Paul (Louis-Toussaint) Héroult (10 April  1863 – 9 May 1914) was a French scientist. He was the inventor of the aluminium electrolysis and developed the first successful commercial electric arc furnace. He lived in Thury-Harcourt, Normandy.

Life and career 
Paul Héroult read Henri Sainte-Claire Deville's treatise on aluminium, when he was 15 years old. At that time, aluminium was as expensive as silver and was used mostly for luxury items and jewellery. Héroult wanted to make it cheaper.
He succeeded in doing so when he discovered the electrolytic aluminium process in 1886.
The same year, in the United States, Charles Martin Hall (1863–1914) was discovering the same process. Because of this, the process was called the Hall–Heroult process.

Héroult's second most important contribution is the first commercially successful electric arc furnace (EAF) for steel in 1900. The Héroult furnace gradually replaced the giant smelters for the production of a variety of steels.
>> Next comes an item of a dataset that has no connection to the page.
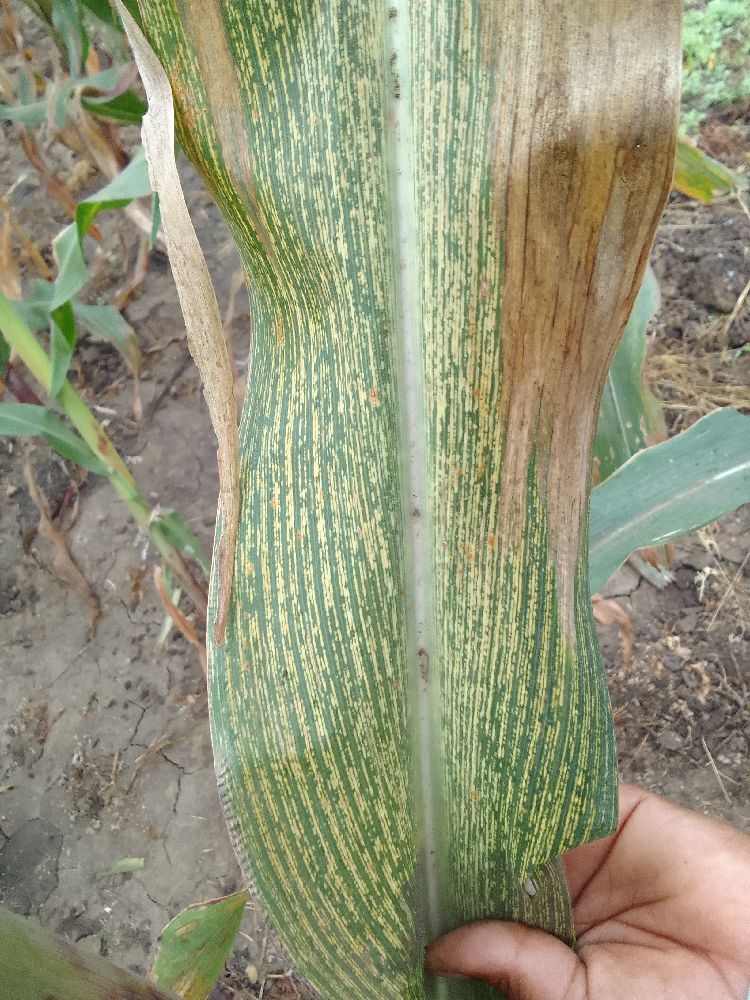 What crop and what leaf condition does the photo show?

maize, maize streak virus

In 1905, Paul Héroult was invited to the United States as a technical adviser to several companies, and in particular to the United States Steel Corporation and the Halcomb Steel Company. Halcomb installed the first Héroult furnace in the US.
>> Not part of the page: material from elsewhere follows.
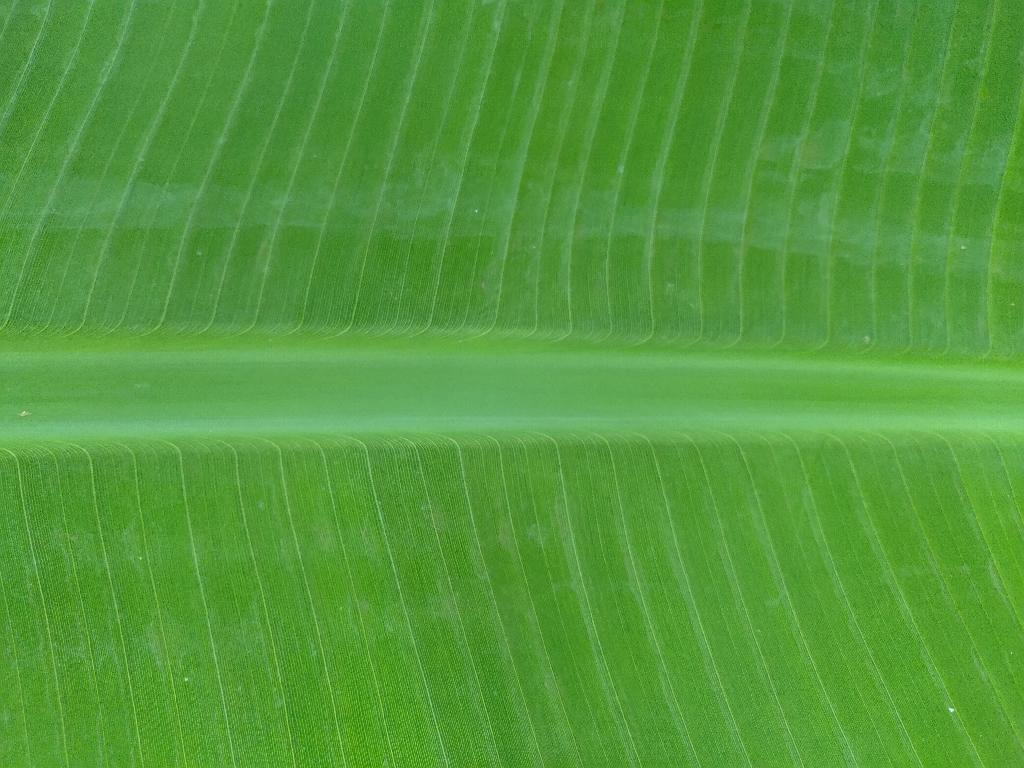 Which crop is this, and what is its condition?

The invention of the electric arc furnace probably began when Humphry Davy discovered the carbon arc in 1800. Then in 1878 Carl Wilhelm Siemens patented, constructed and operated both direct and indirect EAFs. Commercial use still needed to wait for larger supplies of electricity and better carbon electrodes.

Paul Héroult is renowned for other major inventions, among them a
self-supporting conduit still used to bring water down from mountain heights and across rivers to hydraulic power plants, avoiding the need to build expensive bridges.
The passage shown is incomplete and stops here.